### WORK REQUIRED
Every line below must come back exactly as it stands, with the images omitted.

### Items from a data source
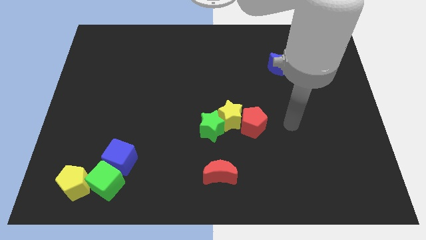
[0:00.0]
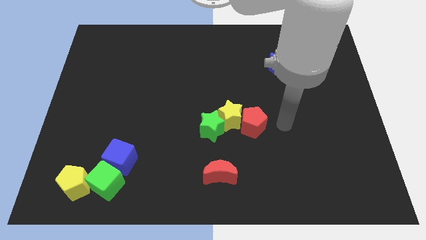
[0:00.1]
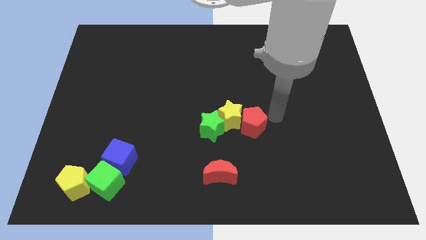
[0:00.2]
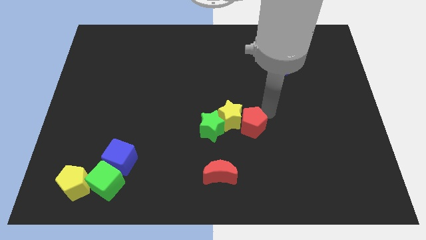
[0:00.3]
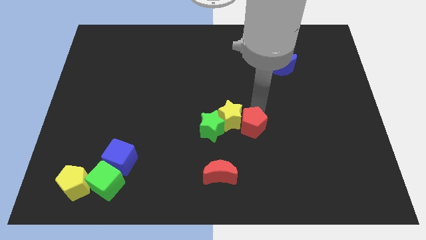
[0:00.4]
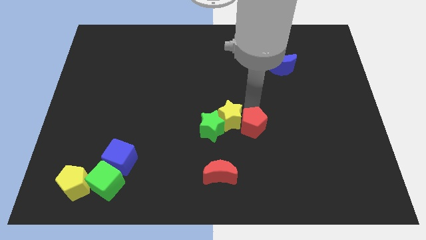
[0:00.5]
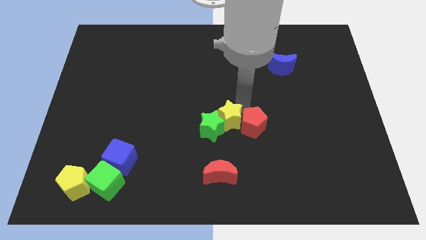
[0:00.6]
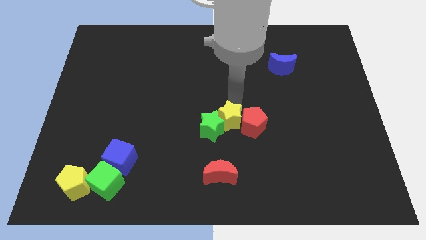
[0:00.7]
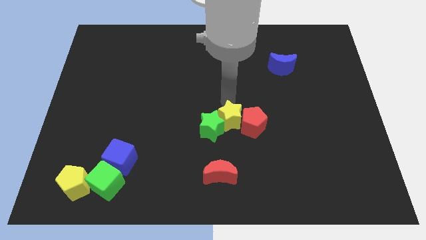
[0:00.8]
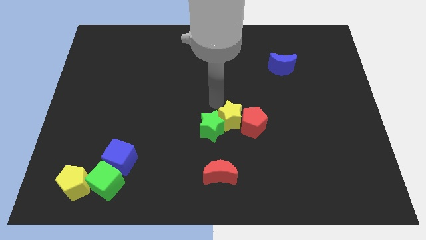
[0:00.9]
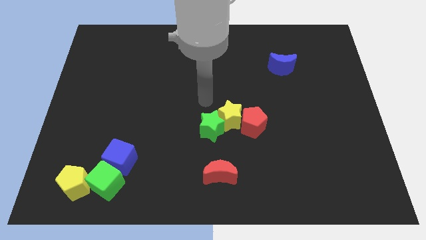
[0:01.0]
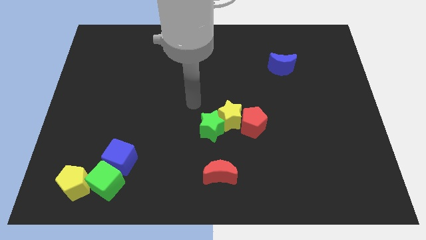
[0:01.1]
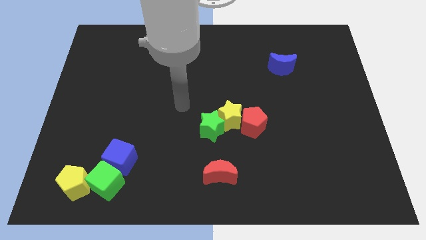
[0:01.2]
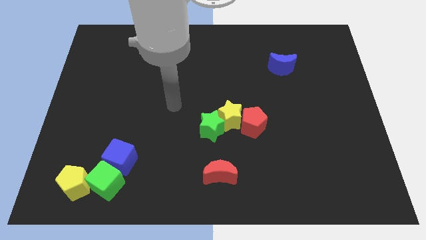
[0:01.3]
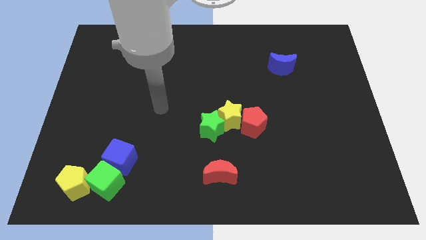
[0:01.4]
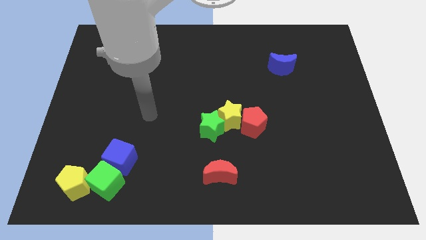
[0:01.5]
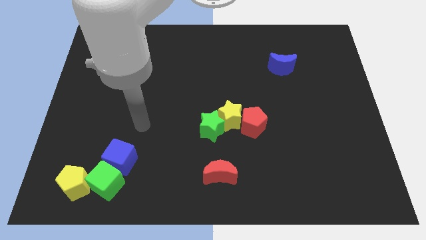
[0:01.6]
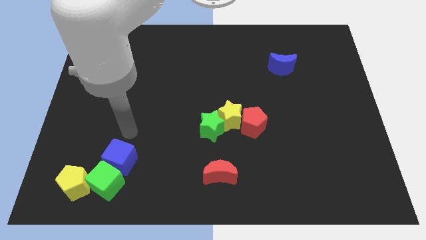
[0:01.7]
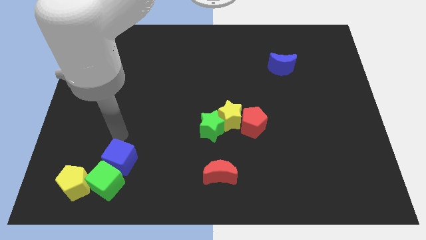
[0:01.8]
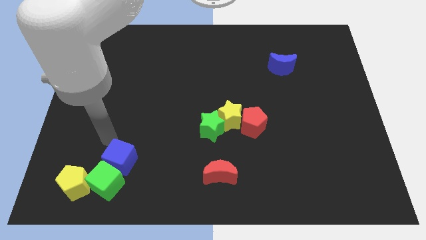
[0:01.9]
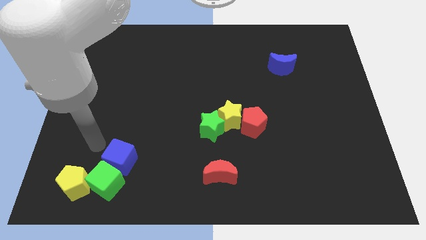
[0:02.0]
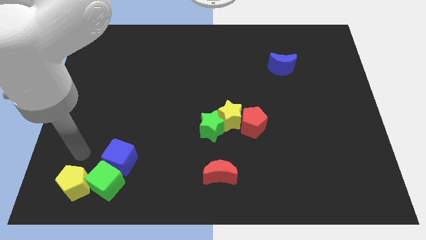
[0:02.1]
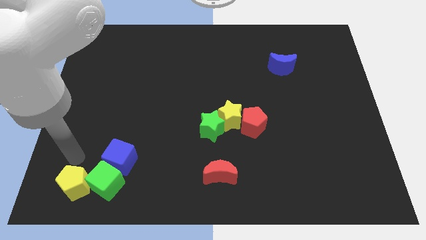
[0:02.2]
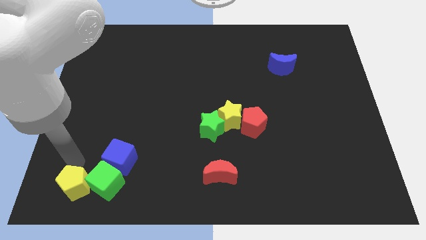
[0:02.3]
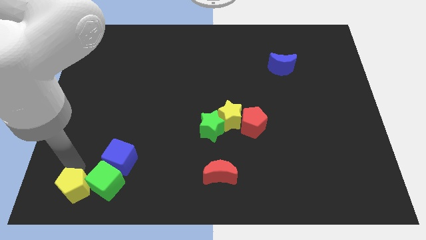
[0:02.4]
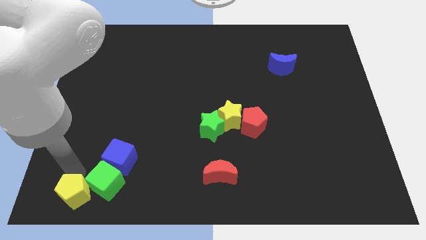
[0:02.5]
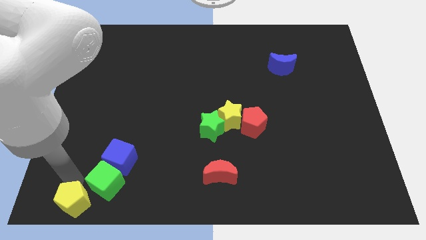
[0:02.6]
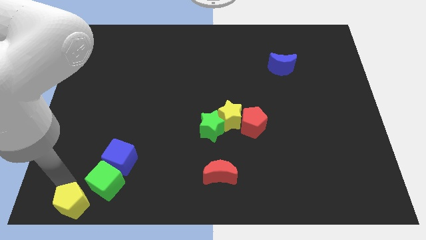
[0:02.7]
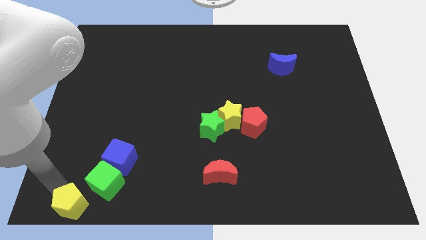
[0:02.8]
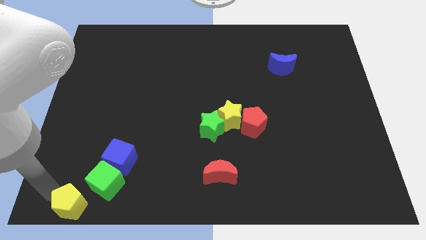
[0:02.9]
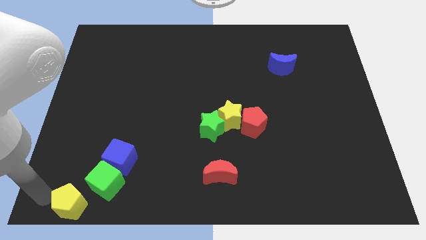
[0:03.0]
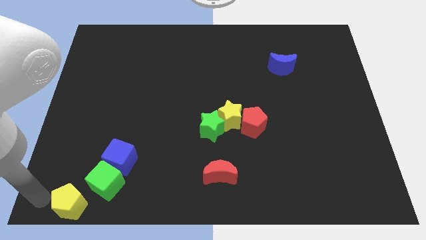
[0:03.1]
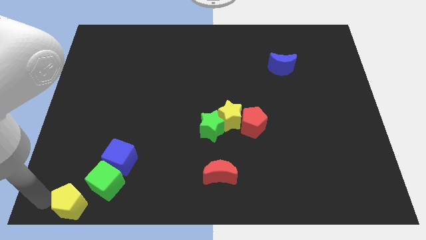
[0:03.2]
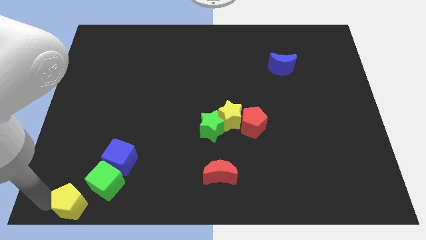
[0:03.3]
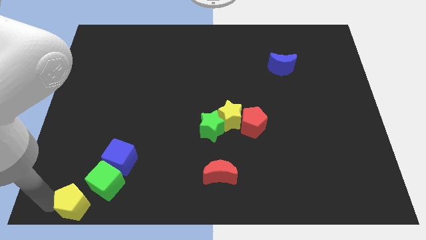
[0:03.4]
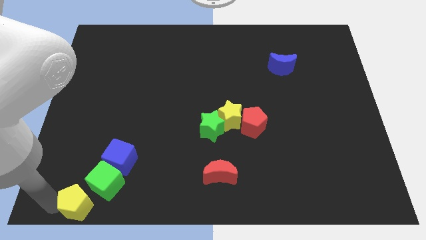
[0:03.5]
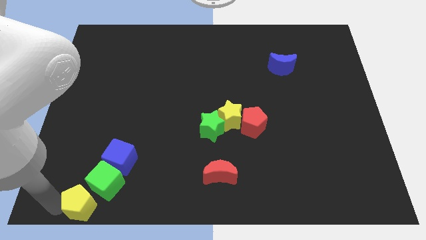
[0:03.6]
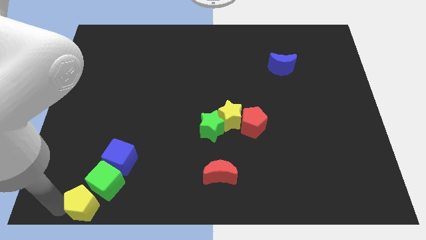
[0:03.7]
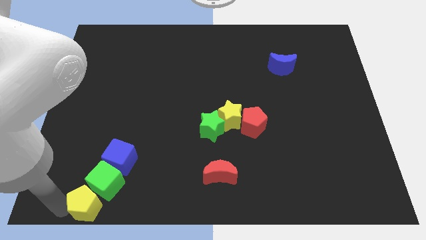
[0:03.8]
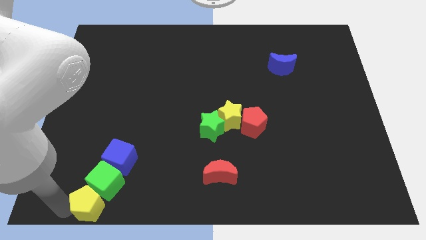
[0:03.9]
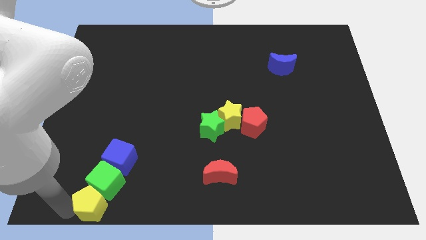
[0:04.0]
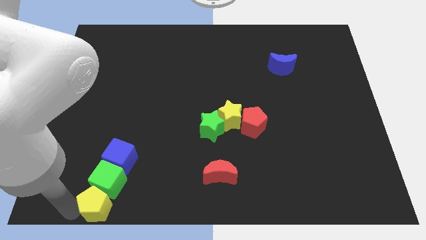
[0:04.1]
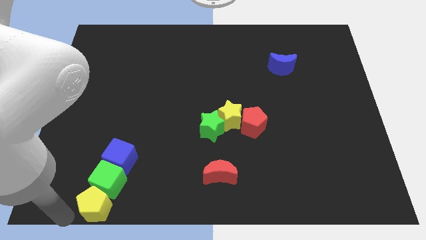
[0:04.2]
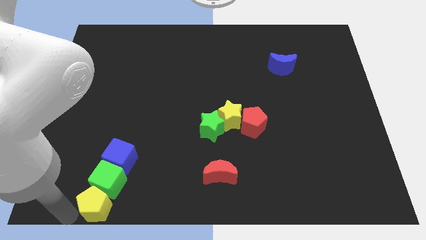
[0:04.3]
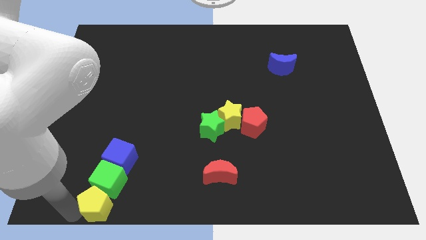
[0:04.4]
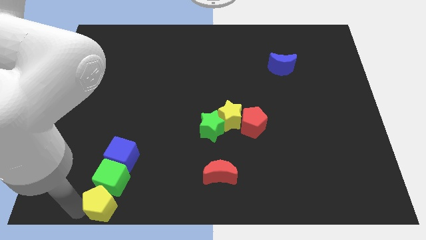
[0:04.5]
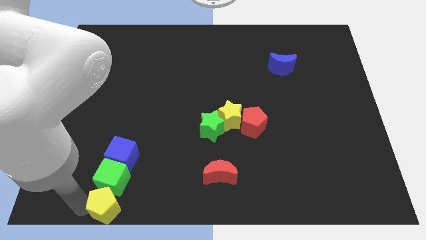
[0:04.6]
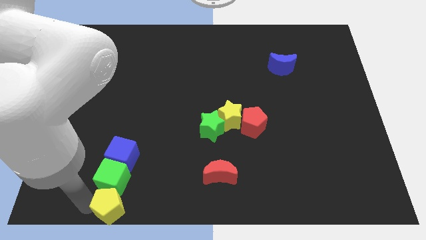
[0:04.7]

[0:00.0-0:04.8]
slightly move the yellow pentagon right

### YOUR RESPONSE
[0:00.0]
[0:00.1]
[0:00.2]
[0:00.3]
[0:00.4]
[0:00.5]
[0:00.6]
[0:00.7]
[0:00.8]
[0:00.9]
[0:01.0]
[0:01.1]
[0:01.2]
[0:01.3]
[0:01.4]
[0:01.5]
[0:01.6]
[0:01.7]
[0:01.8]
[0:01.9]
[0:02.0]
[0:02.1]
[0:02.2]
[0:02.3]
[0:02.4]
[0:02.5]
[0:02.6]
[0:02.7]
[0:02.8]
[0:02.9]
[0:03.0]
[0:03.1]
[0:03.2]
[0:03.3]
[0:03.4]
[0:03.5]
[0:03.6]
[0:03.7]
[0:03.8]
[0:03.9]
[0:04.0]
[0:04.1]
[0:04.2]
[0:04.3]
[0:04.4]
[0:04.5]
[0:04.6]
[0:04.7]

[0:00.0-0:04.8]
slightly move the yellow pentagon right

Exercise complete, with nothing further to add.